Eyelid lacerations are managed differently depending on the depth, width, and location of the injury. Surgical management will be broken down into these categories: laceration without eyelid margin involvement, laceration with eyelid margin involvement, and laceration with nasolacrimal system involvement.
It is important to be proficient in eyelid anatomy when addressing an eyelid laceration. The eyelid has multiple layers that serve different functions as described below. Please see Eyelid Anatomy illustration for correlation.
The eyelid skin is unique because it has no subcutaneous fat and is thus the thinnest layer of skin of the body. The skin overlying the tarsus tends to be firmly attached to the underlying tissue; whereas, the skin above the tarsal plate over the orbital septum is loosely attached to underlying tissue giving rise to a potential space for fluid to collect in the setting of trauma/edema. Because eyelid skin is very thin, smaller diameter suture is required, and smaller bites are taken when approximating lacerations that only involve eyelid skin.

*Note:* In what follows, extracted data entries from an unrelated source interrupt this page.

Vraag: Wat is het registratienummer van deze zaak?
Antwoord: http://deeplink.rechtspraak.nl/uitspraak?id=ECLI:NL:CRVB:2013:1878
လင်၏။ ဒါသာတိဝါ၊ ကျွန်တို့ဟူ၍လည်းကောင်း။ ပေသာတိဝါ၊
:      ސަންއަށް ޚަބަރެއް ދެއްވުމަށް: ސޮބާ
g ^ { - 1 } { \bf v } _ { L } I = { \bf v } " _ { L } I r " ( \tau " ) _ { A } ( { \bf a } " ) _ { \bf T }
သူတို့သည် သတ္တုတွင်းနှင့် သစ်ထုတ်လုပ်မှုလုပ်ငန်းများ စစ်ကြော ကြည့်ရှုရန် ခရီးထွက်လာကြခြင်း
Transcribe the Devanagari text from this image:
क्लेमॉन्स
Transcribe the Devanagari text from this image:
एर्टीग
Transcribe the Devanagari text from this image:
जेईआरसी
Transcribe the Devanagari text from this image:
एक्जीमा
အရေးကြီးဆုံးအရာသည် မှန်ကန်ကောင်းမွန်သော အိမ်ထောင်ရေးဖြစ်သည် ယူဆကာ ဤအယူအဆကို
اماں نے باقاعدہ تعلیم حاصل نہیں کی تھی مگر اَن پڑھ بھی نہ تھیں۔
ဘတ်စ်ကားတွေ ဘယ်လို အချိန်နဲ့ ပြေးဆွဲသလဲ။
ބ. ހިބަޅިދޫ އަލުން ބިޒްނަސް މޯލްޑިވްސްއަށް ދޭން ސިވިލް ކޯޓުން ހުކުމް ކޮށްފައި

Directly under the upper and lower eyelid skin is the orbicularis oculi muscle. This is the main protractor muscle of the eyelid (eyelid closure). The orbicularis oculi muscle is a large, thin, circular muscle that is divided into pretarsal, preseptal, and orbital parts. The pretarsal and preseptal parts are responsible for involuntary eyelid closure (blinking). The orbital portion is primarily responsible for voluntary/forced eyelid closure.

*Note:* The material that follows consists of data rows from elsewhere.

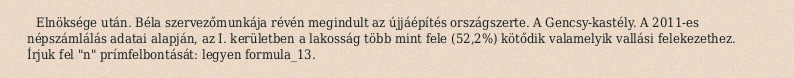
Elnöksége után. Béla szervezőmunkája révén megindult az újjáépítés országszerte. A Gencsy-kastély. A 2011-es népszámlálás adatai alapján, az I. kerületben a lakosság több mint fele (52,2%) kötődik valamelyik vallási felekezethez. Írjuk fel "n" prímfelbontását: legyen formula_13.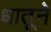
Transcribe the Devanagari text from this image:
धातूने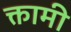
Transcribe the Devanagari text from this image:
क्तामी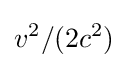
v^{2}/(2c^{2})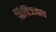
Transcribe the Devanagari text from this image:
किंचिज्ज्ञत्व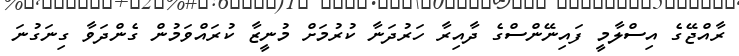
ރާއްޖޭގެ އިސްލާމީ ފައިނޭންސްގެ ދާއިރާ ހަރުދަނާ ކުރުމަށް މުނީޒާ ކުރައްވަމުން ގެންދަވާ ގިނަގުނަ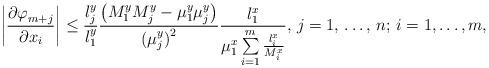
LaTeX: \begin{align*}\left| \frac{{\partial \varphi }_{m+j}}{{\partial x}_{i}} \right|\le \frac{l_{j}^{y}}{l_{1}^{y}}\frac{\left( M_{1}^{y}M_{j}^{y}-\mu_{1}^{y}\mu _{j}^{y} \right)}{{(\mu_{j}^{y})}^{2}}\frac{l_{1}^{x}}{\mu _{1}^{x}\sum\limits_{i=1}^m \frac{l_{i}^{x}}{M_{i}^{x}} },\thinspace j=1,\thinspace \mathellipsis ,\thinspace n;\thinspace i=1,\mathellipsis ,m,\end{align*}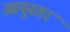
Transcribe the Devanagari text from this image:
आयुस्तर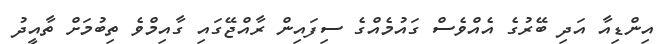
އިންޑިއާ އަދި ބޭރުގެ އެއްވެސް ގައުމެއްގެ ސިފައިން ރާއްޖޭގައި ގާއިމްވެ ތިބުމަށް ތާއީދު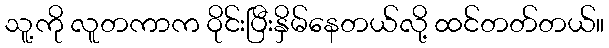
သူ့ကို လူတကာက ဝိုင်းပြီးနှိမ်နေတယ်လို့ ထင်တတ်တယ်။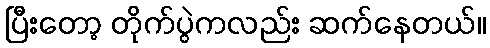
ပြီးတော့ တိုက်ပွဲကလည်း ဆက်နေတယ်။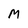
Character: M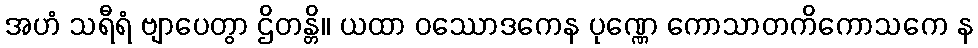
အဟံ သရီရံ ဗျာပေတွာ ဌိတန္တိ။ ယထာ ဝဿောဒကေန ပုဏ္ဏေ ကောသာတကိကောသကေ န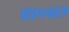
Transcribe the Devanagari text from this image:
४५०६६१

A thin, fibrous connective tissue layer separates anterior eyelid structures from intra-orbital structures. The upper orbital septum connects the periosteum of the superior orbital rim to the levator aponeurosis above the superior tarsal border (though this has racial variance). The lower orbital septum connects the periosteum of the inferior orbital rim to the capsulopalpebral fascia just below the inferior tarsal border.
This is located immediately posterior to the orbital septum and anterior to the levator aponeurosis in the upper lid and capsulopalpebral fascia of the lower lid. In the upper lid there are descrete nasal and central fat pads. In the lower eyelid, there are three fat pads: nasal, central, and temporal. The pads are surrounded by thin fibrous capsules. The central orbital fat pad is an important landmark in lid laceration repair due to its locations directly posterior to the orbital septum and anterior to the levator aponeurosis.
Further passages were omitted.